Upon completion of the transformation step, the loading phase is initiated. In it the transformation’s output is loaded into LMDB. For that, a strategy must implement a loader.module.direct and loader.module.order generator function. These functions must allocate a key-value relationship between each of the data points:

  • direct()’s yielded key must be globally unique (like a primary key).

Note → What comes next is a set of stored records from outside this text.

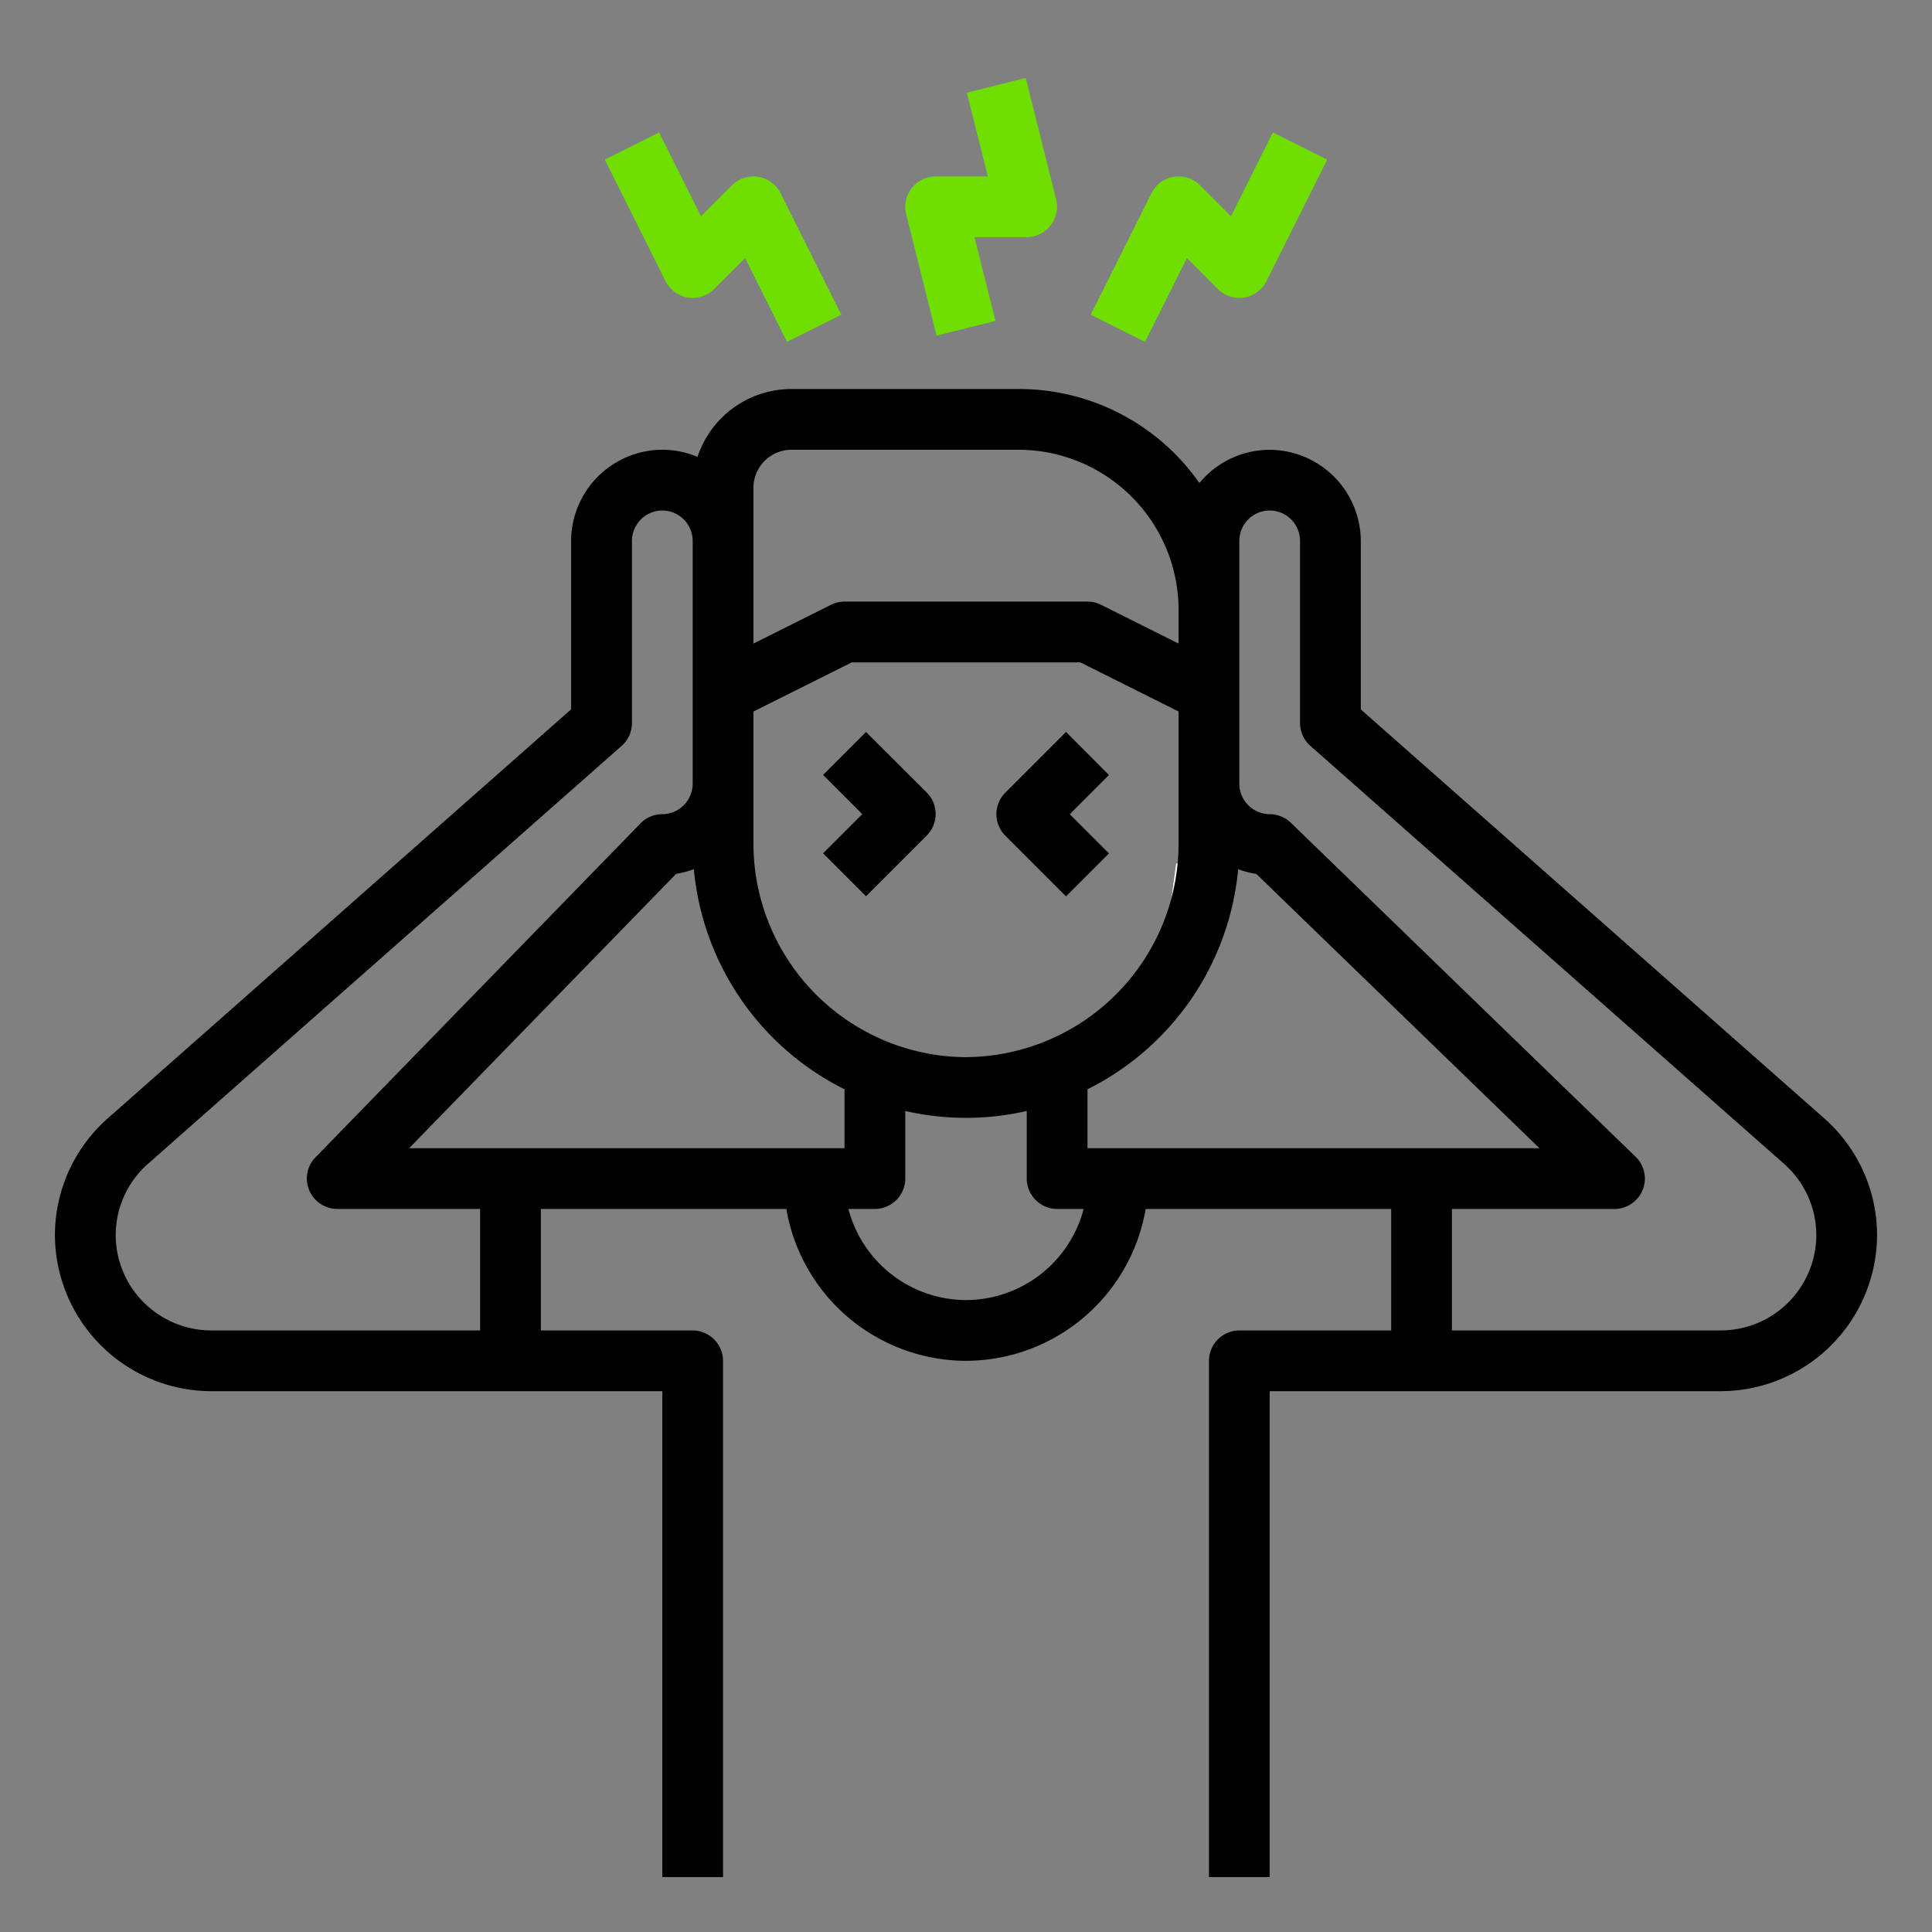 <?xml version="1.0" encoding="UTF-8"?>
<svg xmlns="http://www.w3.org/2000/svg" xmlns:xlink="http://www.w3.org/1999/xlink" width="138" height="138" viewBox="0 0 138 138">
  <rect x="0" y="0" width="138" height="138" fill="#808080" stroke="none"/>
  <defs>
    <clipPath id="clip-path">
      <path id="Path_137" data-name="Path 137" d="M189.732-326.392l.528-.122a10.145,10.145,0,0,0,2.686,5.178,48.018,48.018,0,0,0,4.188,3.595l-.326.433a48.558,48.558,0,0,1-4.237-3.635A10.685,10.685,0,0,1,189.732-326.392Zm13.146,12.565.191-.508a12.289,12.289,0,0,0,6.66.713,32.761,32.761,0,0,0,4.021-.985l.166.516a33.293,33.293,0,0,1-4.088,1A12.823,12.823,0,0,1,202.877-313.827Zm17.066-3.829-.407-.359a7.689,7.689,0,0,0,1.72-3.321c.388-1.6.79-4.241,1.155-7.073l.538.069c-.368,2.856-.775,5.522-1.166,7.132A8.227,8.227,0,0,1,219.943-317.656Zm3.806-17.585-.539-.057c.277-2.621.471-4.7.529-5.329l-9.385-4.114-4.6.534-.063-.539,4.668-.542a.27.27,0,0,1,.14.021l9.631,4.222a.271.271,0,0,1,.161.273S224.083-338.4,223.749-335.241Zm-19.889-8.827.063.538-4.636.539-8.542,3.19a39.692,39.692,0,0,0-.885,5.815l-.541-.042a39.324,39.324,0,0,1,.933-6.044.271.271,0,0,1,.168-.187l8.707-3.251a.287.287,0,0,1,.064-.015Z" transform="translate(-189.32 345.29)" fill="none" clip-rule="evenodd"></path>
    </clipPath>
    <linearGradient id="linear-gradient" x1="0.395" y1="0.528" x2="0.517" y2="0.528" gradientUnits="objectBoundingBox">
      <stop offset="0" stop-color="#2fcb00"></stop>
      <stop offset="0.1" stop-color="#44d019"></stop>
      <stop offset="0.2" stop-color="#58d533"></stop>
      <stop offset="0.3" stop-color="#6dda4c"></stop>
      <stop offset="0.4" stop-color="#82df66"></stop>
      <stop offset="0.5" stop-color="#97e57f"></stop>
      <stop offset="0.6" stop-color="#abea99"></stop>
      <stop offset="0.7" stop-color="#c0efb2"></stop>
      <stop offset="0.8" stop-color="#d5f4cc"></stop>
      <stop offset="0.9" stop-color="#eaf9e5"></stop>
      <stop offset="1" stop-color="#fff"></stop>
    </linearGradient>
    <clipPath id="clip-path-2">
      <rect id="Rectangle_61" data-name="Rectangle 61" width="138" height="138" transform="translate(0.492 0.493)" fill="none"></rect>
    </clipPath>
  </defs>
  <g id="Group_86" data-name="Group 86" transform="translate(-0.435 511.565)">
    <g id="Group_82" data-name="Group 82" transform="translate(51.355 -466.776)" clip-path="url(#clip-path)">
      <g id="Group_81" data-name="Group 81" transform="translate(-51.334 -45.204)">
        <path id="Path_136" data-name="Path 136" d="M-202-270.482H-63.174v138.829H-202Z" transform="translate(202.003 270.482)" fill="url(#linear-gradient)"></path>
      </g>
    </g>
    <g id="Group_85" data-name="Group 85" transform="translate(-0.057 -512.057)" style="isolation: isolate">
      <g id="Group_84" data-name="Group 84" transform="translate(0 0)">
        <g id="Group_83" data-name="Group 83" clip-path="url(#clip-path-2)">
          <path id="Path_138" data-name="Path 138" d="M142.385-355.9l-33.108-29.213v-12.039a6.536,6.536,0,0,0-6.505-6.505,6.508,6.508,0,0,0-5.024,2.373A15.728,15.728,0,0,0,84.874-408H68.6a7.076,7.076,0,0,0-6.7,4.848,6.509,6.509,0,0,0-2.523-.509,6.539,6.539,0,0,0-6.508,6.508v12.036L19.77-355.9A11.142,11.142,0,0,0,16-347.554a11.191,11.191,0,0,0,11.137,11.138H59.385v34.707h4.338v-36.876a2.179,2.179,0,0,0-2.169-2.169H50.709v-8.677H68.243a13.058,13.058,0,0,0,12.834,10.846,13.058,13.058,0,0,0,12.834-10.846h17.535v8.677H100.6a2.179,2.179,0,0,0-2.169,2.169v36.876h4.338v-34.707h32.247a11.191,11.191,0,0,0,11.137-11.138A11.142,11.142,0,0,0,142.385-355.9Zm-61.307-4.373a15.273,15.273,0,0,1-15.184-15.184v-9.505l7.02-3.51H89.242l7.02,3.51v9.505A15.274,15.274,0,0,1,81.077-360.278ZM65.893-400.95a2.727,2.727,0,0,1,2.712-2.711H84.874a11.455,11.455,0,0,1,11.388,11.388v2.456l-5.537-2.769a2.168,2.168,0,0,0-.97-.229H72.4a2.168,2.168,0,0,0-.97.229l-5.537,2.769Zm-45.553,53.4a6.805,6.805,0,0,1,2.3-5.1l33.842-29.861a2.17,2.17,0,0,0,.734-1.627v-13.015a2.179,2.179,0,0,1,2.169-2.169,2.179,2.179,0,0,1,2.169,2.169V-379.8a2.182,2.182,0,0,1-2.169,2.169,2.17,2.17,0,0,0-1.555.656L34.608-353.114a2.17,2.17,0,0,0-.615,1.513,2.18,2.18,0,0,0,2.169,2.169H46.37v8.677H27.139A6.838,6.838,0,0,1,20.34-347.554ZM41.3-353.77l19.074-19.6a6.424,6.424,0,0,0,1.264-.332A19.575,19.575,0,0,0,72.4-357.98v4.21Zm39.778,10.846a8.714,8.714,0,0,1-8.4-6.508H74.57a2.179,2.179,0,0,0,2.169-2.169v-4.83a19.377,19.377,0,0,0,8.677,0v4.83a2.179,2.179,0,0,0,2.169,2.169H89.48A8.714,8.714,0,0,1,81.077-342.924Zm8.677-10.846v-4.21A19.576,19.576,0,0,0,100.517-373.7a6.439,6.439,0,0,0,1.3.339L122.04-353.77Zm45.262,13.015H115.785v-8.677H127.4a2.179,2.179,0,0,0,2.169-2.169,2.171,2.171,0,0,0-.66-1.558L104.279-377.02a2.17,2.17,0,0,0-1.509-.611A2.182,2.182,0,0,1,100.6-379.8v-17.354a2.179,2.179,0,0,1,2.169-2.169,2.179,2.179,0,0,1,2.169,2.169v13.015a2.17,2.17,0,0,0,.734,1.627l33.842,29.86a6.8,6.8,0,0,1,2.3,5.1A6.831,6.831,0,0,1,135.016-340.755Z" transform="translate(-11.585 436.278)"></path>
          <path id="Path_139" data-name="Path 139" d="M242.234-471.534l4.209-1.052-1.5-5.982h3.729a2.179,2.179,0,0,0,2.169-2.169,2.161,2.161,0,0,0-.065-.526l-2.169-8.677-4.209,1.052,1.5,5.982h-3.729A2.179,2.179,0,0,0,240-480.737a2.164,2.164,0,0,0,.065.526Z" transform="translate(-174.846 496)" fill="#6fdf00"></path>
          <path id="Path_140" data-name="Path 140" d="M295.718-466.607l2.21,2.21a2.17,2.17,0,0,0,1.534.635,2.172,2.172,0,0,0,1.94-1.2l4.338-8.677-3.88-1.94-2.992,5.987-2.21-2.21a2.169,2.169,0,0,0-1.534-.635,2.172,2.172,0,0,0-1.94,1.2l-4.338,8.677,3.88,1.94Z" transform="translate(-210.447 485.532)" fill="#6fdf00"></path>
          <path id="Path_141" data-name="Path 141" d="M166.776-463.789a2.171,2.171,0,0,0,1.881-.607l2.21-2.21,2.992,5.985,3.88-1.94-4.338-8.677a2.172,2.172,0,0,0-1.94-1.2,2.17,2.17,0,0,0-1.534.635l-2.21,2.211-2.992-5.987-3.88,1.94,4.338,8.677A2.171,2.171,0,0,0,166.776-463.789Z" transform="translate(-117.154 485.532)" fill="#6fdf00"></path>
          <path id="Path_142" data-name="Path 142" d="M221.411-317.657l-3.068,3.068,2.8,2.8-2.8,2.8,3.068,3.068,4.338-4.338a2.17,2.17,0,0,0,.635-1.534,2.17,2.17,0,0,0-.635-1.534Z" transform="translate(-159.061 370.431)"></path>
          <path id="Path_143" data-name="Path 143" d="M268.974-317.657l-4.338,4.338a2.17,2.17,0,0,0-.635,1.534,2.17,2.17,0,0,0,.635,1.534l4.338,4.338,3.068-3.068-2.8-2.8,2.8-2.8Z" transform="translate(-192.338 370.431)"></path>
        </g>
      </g>
    </g>
  </g>
</svg>

  • order()’s yielded key must be unique and totally, lexographically orderable.

const path = [
  {
    name: "call-block-logs",
    loader: {
      module: {
        direct: function* ({ state }) {
          const log = JSON.parse(state.line);
          // NOTE: To access a transaction directly by its identifier, in
          // `direct` we select ``transactionHash`` as the key for the entire
          // `log`.
          yield {
            key: log.transactionHash,
            value: log
          }
        },
        order: function* ({ state }) {
          const log = JSON.parse(state.line);
          // NOTE: For LMDB to be able to order the keys properly it is
          // important that they're correctly encoded and padded. To see how
          // this may be implemented, check out the key encoding logic at
          // https://github.com/attestate/crawler-call-block-logs/blob/main/src/loader.mjs
          // yield...
        },
      },
      input: {
        name: "call-block-logs-transformer",
      },
      output: {
        name: "call-block-logs-loader",
      }
    }
  },
];

Additionally, crawls can happen repeatedly. For that, the first path exposes a property named coordinator.

const path = [
  {
    name: "call-block-logs",
    coordinator: {
      archive: false,
      module: blockLogs.state,
      interval: 5000,
    },
    "...": "..."
  }
];

In this case, upon completing the crawl path entirely, the coordinator waits for interval=5000 milliseconds before it retriggers the entire crawl again. For the coordinator to work, it is additionally necessary to configure a state module. The state module also has a particular interface that we must comply with. You can find an example of it in @attestate/crawler-calll-block-logs. With the archive option, we can defined whether the result files in the DATA_DIR are deleted upon completing the task or if they’re “archived”. In case they’re archived, they’ll be renamed by adding a prefix of the date time of completion.

And that’s all! A full configuration of the Attestate crawler can be found on GitHub.